By JP Casey 12 May 2021 (Last Updated May 12th, 2021 11:29)

Australia plans to make its offshore industry cover the cost of decommissioning an abandoned project, despite industry opposition.

Australia hits offshore industry with levy to cover $200m decommissioning costs
“The decision sends a strong signal to the world that Australia will maintain its global reputation as a safe, reliable, and responsible country for offshore oil and gas development,” said Keith Pitt. Credit: Ole J?rgen Bratland via Statoil

Australia has announced plans to hit its offshore industry with a levy to cover the $200m cost of decommissioning an abandoned project off the country’s northern coast.

The facility, known as Northern Endeavor, consists of a floating production, storage, and offloading vessel that had been permanently moored in the Timor Sea. The project was shut down in 2019 by the National Offshore Petroleum Safety and Environmental Management Authority (NOPSEMA), which found an “immediate threat to health and safety” at the facility due to structural corrosion.

The owners, Northern Oil & Gas Australia (NOGA), have since entered voluntary administration, leaving the 170,000 barrels-per-day facility abandoned for the last two years, and forcing the national government to maintain the facility.

In December 2020, Resources Minister Keith Pitt announced that the state would begin decommissioning of the project, which would involve the removal of facilities such as the vessel itself, and the plugging and abandonment of wells. The move came as little surprise, considering the economic and environmental losses associated with supporting a non-producing offshore asset.

“The decision sends a strong signal to the world that Australia will maintain its global reputation as a safe, reliable, and responsible country for offshore oil and gas development,” said Pitt. “The government has been actively working with key stakeholders in the offshore oil and gas industry to seek advice on reforms to make sure the circumstances surrounding the Northern Endeavour do not happen again.

“These reforms will take account of the recommendations and findings of the independent review into the administration and liquidation of the NOGA group by offshore regulation expert Steve Walker.”

However, the issue of funding the decommissioning has been a controversial one.

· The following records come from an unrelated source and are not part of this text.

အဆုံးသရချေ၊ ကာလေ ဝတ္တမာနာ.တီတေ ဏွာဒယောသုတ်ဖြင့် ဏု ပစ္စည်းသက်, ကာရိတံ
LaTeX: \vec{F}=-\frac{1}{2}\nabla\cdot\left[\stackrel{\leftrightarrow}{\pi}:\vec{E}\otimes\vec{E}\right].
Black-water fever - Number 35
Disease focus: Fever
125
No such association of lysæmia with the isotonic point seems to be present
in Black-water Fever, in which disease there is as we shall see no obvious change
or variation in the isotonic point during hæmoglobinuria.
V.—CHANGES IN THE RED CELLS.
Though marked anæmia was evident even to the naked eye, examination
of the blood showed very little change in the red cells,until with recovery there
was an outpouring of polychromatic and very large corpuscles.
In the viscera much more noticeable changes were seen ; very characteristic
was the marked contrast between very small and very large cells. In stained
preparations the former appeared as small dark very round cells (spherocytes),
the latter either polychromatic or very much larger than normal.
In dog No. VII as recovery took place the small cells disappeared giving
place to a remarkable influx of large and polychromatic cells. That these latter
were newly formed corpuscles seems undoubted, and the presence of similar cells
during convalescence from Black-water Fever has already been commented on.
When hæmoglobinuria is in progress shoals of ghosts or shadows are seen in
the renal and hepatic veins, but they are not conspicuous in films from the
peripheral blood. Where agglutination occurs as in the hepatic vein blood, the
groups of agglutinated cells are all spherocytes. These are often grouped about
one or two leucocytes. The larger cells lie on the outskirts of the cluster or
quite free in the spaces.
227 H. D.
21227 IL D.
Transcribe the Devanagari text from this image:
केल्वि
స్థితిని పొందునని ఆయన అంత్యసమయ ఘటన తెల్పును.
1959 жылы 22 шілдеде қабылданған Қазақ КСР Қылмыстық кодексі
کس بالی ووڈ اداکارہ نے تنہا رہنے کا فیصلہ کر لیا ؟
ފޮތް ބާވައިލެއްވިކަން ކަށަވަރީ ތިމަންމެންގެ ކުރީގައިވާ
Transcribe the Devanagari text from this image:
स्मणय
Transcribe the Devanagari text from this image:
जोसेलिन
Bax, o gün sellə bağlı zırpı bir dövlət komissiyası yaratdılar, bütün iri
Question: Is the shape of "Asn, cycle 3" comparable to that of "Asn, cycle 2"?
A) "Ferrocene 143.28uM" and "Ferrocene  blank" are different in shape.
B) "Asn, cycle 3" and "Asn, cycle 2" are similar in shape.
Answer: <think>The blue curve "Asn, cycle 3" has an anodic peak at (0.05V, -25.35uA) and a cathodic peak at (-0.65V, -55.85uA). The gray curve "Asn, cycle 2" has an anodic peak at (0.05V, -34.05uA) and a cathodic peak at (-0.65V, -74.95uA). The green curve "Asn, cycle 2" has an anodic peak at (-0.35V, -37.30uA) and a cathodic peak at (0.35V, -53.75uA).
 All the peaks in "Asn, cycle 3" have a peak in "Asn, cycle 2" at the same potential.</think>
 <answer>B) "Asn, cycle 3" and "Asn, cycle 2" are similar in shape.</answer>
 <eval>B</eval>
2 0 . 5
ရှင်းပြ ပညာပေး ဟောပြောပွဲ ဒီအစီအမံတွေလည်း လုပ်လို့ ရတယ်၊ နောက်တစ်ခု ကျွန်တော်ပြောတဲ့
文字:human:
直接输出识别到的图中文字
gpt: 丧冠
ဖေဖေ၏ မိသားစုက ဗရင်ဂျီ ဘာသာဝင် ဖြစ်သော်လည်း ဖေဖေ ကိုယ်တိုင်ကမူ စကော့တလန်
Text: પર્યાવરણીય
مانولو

Pitt is adamant that taxpayers should not have to foot the bill, but the offshore industry is similarly opposed to paying for the decommissioning, as many companies feel it would be unfair for them to be burdened with the financial costs that should have fallen on NOGA.

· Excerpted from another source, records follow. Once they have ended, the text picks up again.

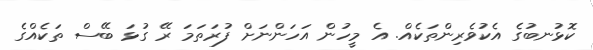
ކޮޅުނބުގެ އެކުވެރިންތަކެއް. އެ މީހުން އަހަންނަށް ފުރަތަމަ ރޭ ގުޅަ ބޭސް ތަކެއްގެ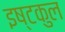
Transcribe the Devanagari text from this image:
इष्टकुल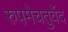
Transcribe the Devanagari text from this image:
रुपमेचतुर्वेद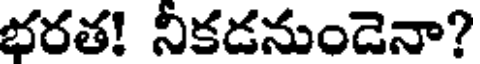
భరత! నీకడనుండెనా?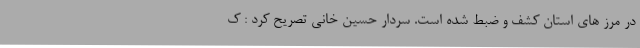
در مرز های استان کشف و ضبط شده است. سردار حسین خانی تصریح کرد : ک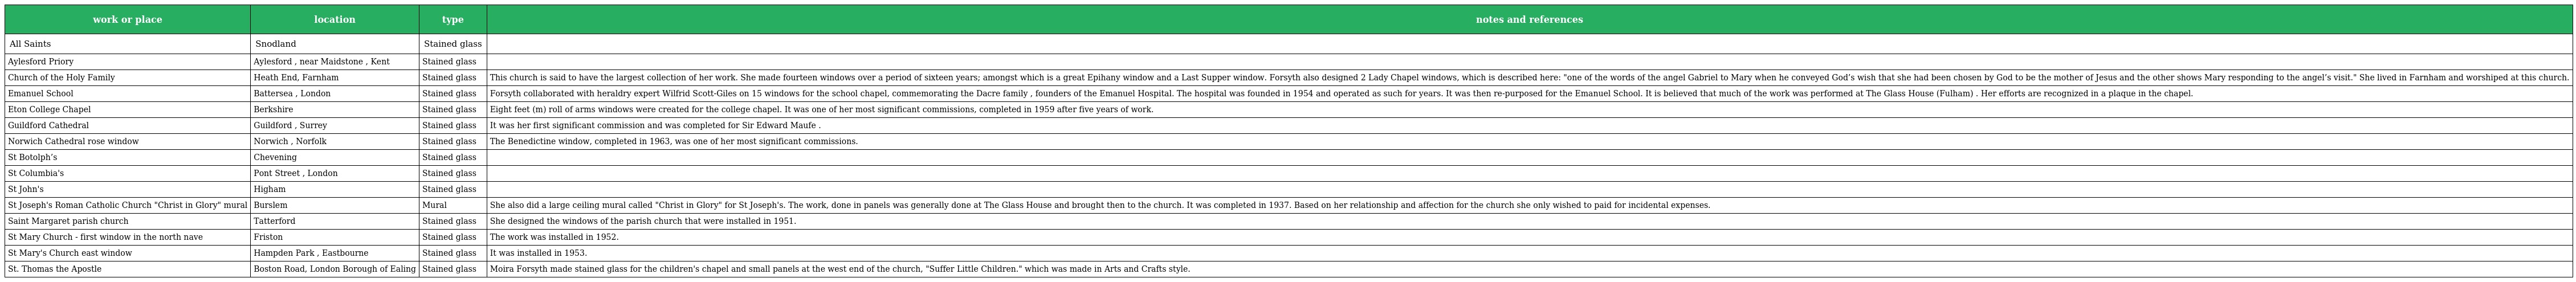
| work or place | location | type | notes and references |
 | --- | --- | --- | --- |
 | All Saints | Snodland | Stained glass |  |
 | Aylesford Priory | Aylesford , near Maidstone , Kent | Stained glass |  |
 | Church of the Holy Family | Heath End, Farnham | Stained glass | This church is said to have the largest collection of her work. She made fourteen windows over a period of sixteen years; amongst which is a great Epihany window and a Last Supper window. Forsyth also designed 2 Lady Chapel windows, which is described here: "one of the words of the angel Gabriel to Mary when he conveyed God’s wish that she had been chosen by God to be the mother of Jesus and the other shows Mary responding to the angel’s visit." She lived in Farnham and worshiped at this church. |
 | Emanuel School | Battersea , London | Stained glass | Forsyth collaborated with heraldry expert Wilfrid Scott-Giles on 15 windows for the school chapel, commemorating the Dacre family , founders of the Emanuel Hospital. The hospital was founded in 1954 and operated as such for years. It was then re-purposed for the Emanuel School. It is believed that much of the work was performed at The Glass House (Fulham) . Her efforts are recognized in a plaque in the chapel. |
 | Eton College Chapel | Berkshire | Stained glass | Eight feet (m) roll of arms windows were created for the college chapel. It was one of her most significant commissions, completed in 1959 after five years of work. |
 | Guildford Cathedral | Guildford , Surrey | Stained glass | It was her first significant commission and was completed for Sir Edward Maufe . |
 | Norwich Cathedral rose window | Norwich , Norfolk | Stained glass | The Benedictine window, completed in 1963, was one of her most significant commissions. |
 | St Botolph’s | Chevening | Stained glass |  |
 | St Columbia's | Pont Street , London | Stained glass |  |
 | St John's | Higham | Stained glass |  |
 | St Joseph's Roman Catholic Church "Christ in Glory" mural | Burslem | Mural | She also did a large ceiling mural called "Christ in Glory" for St Joseph's. The work, done in panels was generally done at The Glass House and brought then to the church. It was completed in 1937. Based on her relationship and affection for the church she only wished to paid for incidental expenses. |
 | Saint Margaret parish church | Tatterford | Stained glass | She designed the windows of the parish church that were installed in 1951. |
 | St Mary Church - first window in the north nave | Friston | Stained glass | The work was installed in 1952. |
 | St Mary's Church east window | Hampden Park , Eastbourne | Stained glass | It was installed in 1953. |
 | St. Thomas the Apostle | Boston Road, London Borough of Ealing | Stained glass | Moira Forsyth made stained glass for the children's chapel and small panels at the west end of the church, "Suffer Little Children." which was made in Arts and Crafts style. |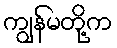
ကျွန်မတို့က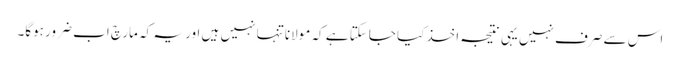
اس سے صرف نہیں یہی نتیجہ اخذ کیا جاسکتا ہے کہ مولانا تنہا نہیں ہیں اور یہ کہ مارچ اب ضرور ہوگا۔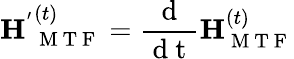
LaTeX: \mathbf{H^{'}}_{\mathrm{~M~T~F~}}^{(t)}=\frac{\mathrm{~d~}}{\mathrm{~d~t~}}\mathbf{H}_{\mathrm{~M~T~F~}}^{(t)}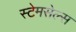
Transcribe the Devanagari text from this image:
स्टेमसेल्स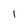
Character: 1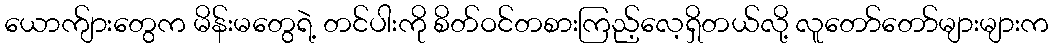
ယောက်ျားတွေက မိန်းမတွေရဲ့ တင်ပါးကို စိတ်ဝင်တစားကြည့်လေ့ရှိတယ်လို့ လူတော်တော်များများက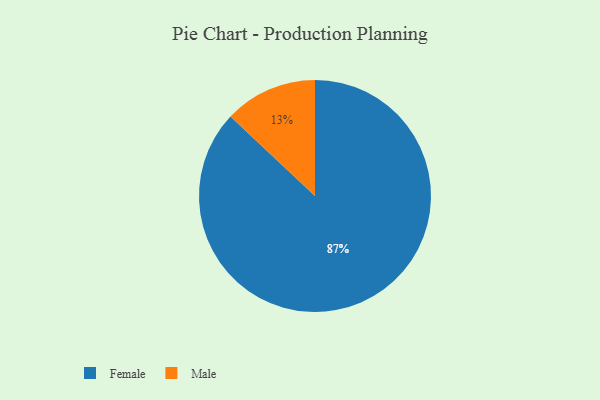
{"axis": {"x": "Category", "y": "Percentage"}, "legend": ["Female", "Male"], "data": [{"x": "Female", "y": 87, "type": "Female"}, {"x": "Male", "y": 13, "type": "Male"}]}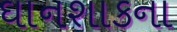
ઘાનશાકના

The inclusion of the levy in this year’s budget has further angered the offshore industry, with many warning that this could set a dangerous precedent, where one private company is expected to shoulder the burden incurred by another.

“Tonight’s announcement of a new levy on the entire [offshore] oil and gas industry is a terrible precedent and could have serious repercussions for Australia’s economy and to jobs,” said Andrew McConville, chief executive of the Australian Petroleum Production and Exploration Association.

“It’s like NOPSEMA saw someone struggling in the deep end of the pool and instead of offering assistance, they held their heads under the water, and now the taxpayer is paying to recover the body, do the autopsy and sort out the funeral.”

McConville suggested a number of alternative methods for the offshore industry to become involved in the issue, such as selling what remains of Northern Endeavor to a company that can operate the facility. However, considering Pitt’s long-standing opposition to public money being spent on the project, it is unclear where the decommissioning bill will fall, if not on private companies.